Я независимо таращусь в потолок, откуда на меня заинтересованно таращится лампочка. В стекле отражается мой глаз – точно с буквой V в центре зрачка. V – значит Vendetta, вспоминается мне почему-то. Я моргаю и вновь затягиваюсь – жадно, как снова перед смертью.
-А здесь какими судьбами? Всё-таки М... м... место работы доктора Оркильи в миле южнее от моих тихих гаваней...
Моим взглядом можно бурить нефтяные скважины, но клёцконосый даже не думает изображать смущение и раскаяние. Курит и ухмыляется.
-Гроза будет, - ни к селу, ни к городу заявляет он и с ласковой заботой о здоровье подъездной экосистемы втирает бычок в щель меж досками подоконника. - Опять у нас что-нибудь закоротит. Норд, почему в этом НИИ каждую грозу электрика живёт своей собственной личной жизнью?
-Я, возможно, сильно Вас удивлю, Алекс, но в этом НИИ электрика живёт своей жизнью постоянно... - я чуть привстаю на цыпочки, касаюсь кончиком пальца лампочки, и она обрадованно загорается, словно вспыхнувшая румянцем девушка. Баркли мрачно безмолвствует, глядя на всё это с совершенно непонятным осуждением.
-А у меня там, между прочим, холодец стынет, - заявляет он сварливо спустя минуту и скрещивает руки на груди. Я тихо обмираю.
-Поэтому, если Вы не намерены покрасить розы в красный цвет, то добро пожаловать, а посторонним вход воспрещён...

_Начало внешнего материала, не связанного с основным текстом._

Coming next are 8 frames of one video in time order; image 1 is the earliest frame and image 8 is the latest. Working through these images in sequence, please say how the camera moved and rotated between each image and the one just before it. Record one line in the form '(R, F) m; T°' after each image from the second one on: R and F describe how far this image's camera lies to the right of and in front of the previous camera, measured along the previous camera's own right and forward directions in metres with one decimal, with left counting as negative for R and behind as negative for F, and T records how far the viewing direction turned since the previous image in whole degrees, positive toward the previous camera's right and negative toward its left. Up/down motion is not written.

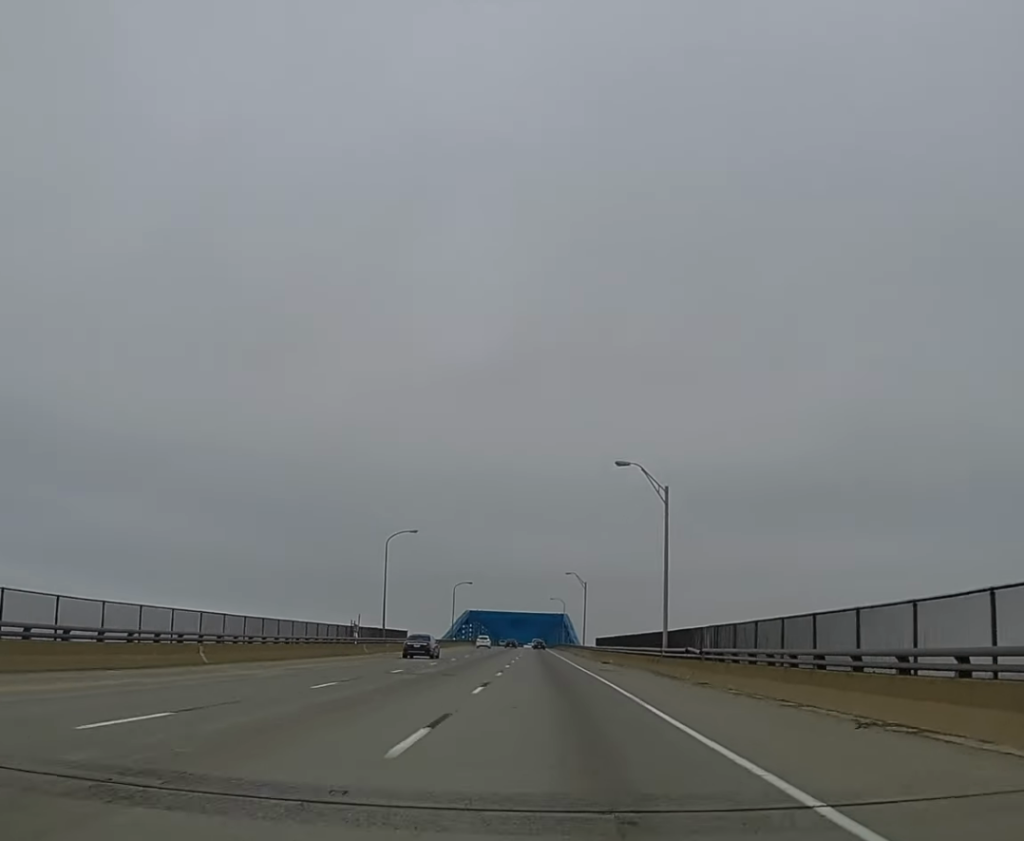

Мы идём вверх, окутанные вуалями сквозняка; сквозняк перебирает белые перья с кровавым подбоем и сизые перья с бирюзовой каймой...
Сбалансированная экология
Затеянный клёцконосым гречневый суп из шампиньонов обещал быть официальным символом этой недели. Стоя во флигеле на знаменитой Кухне с разбитым окном, в колыханиях неонового шифона штор и в недовольном шипении из-под крышек, мы чистили шампиньоны и вдумчиво смотрели в кафель. Кафель рождал в тёмных глубинах наших архиархитектурных разумов подозрительное ассоциативное эхо.
-Помню, мы в Тминнике во время оно в старой ванной вешенки растили, - изрёк Алекс на излёте первого среди равных и ностальгически пошевелил носом. - Там протекал потолок и было вечное ощущение вокзала.
-Грибы и сырость – весьма охотно совместимые понятия. Более того, я бы сказал так...
В замершем на этой мысли ноже изумлённым изломом отразилась длинная голубовато-белая лампа, что тихим потрескиванием из-за левого плеча напоминала нам о бренности всего сущего. Вокруг лампы толклись серые невнятные создания. В голове сквозь мелкое сито памяти просеивались многомерные воспоминания о грибах.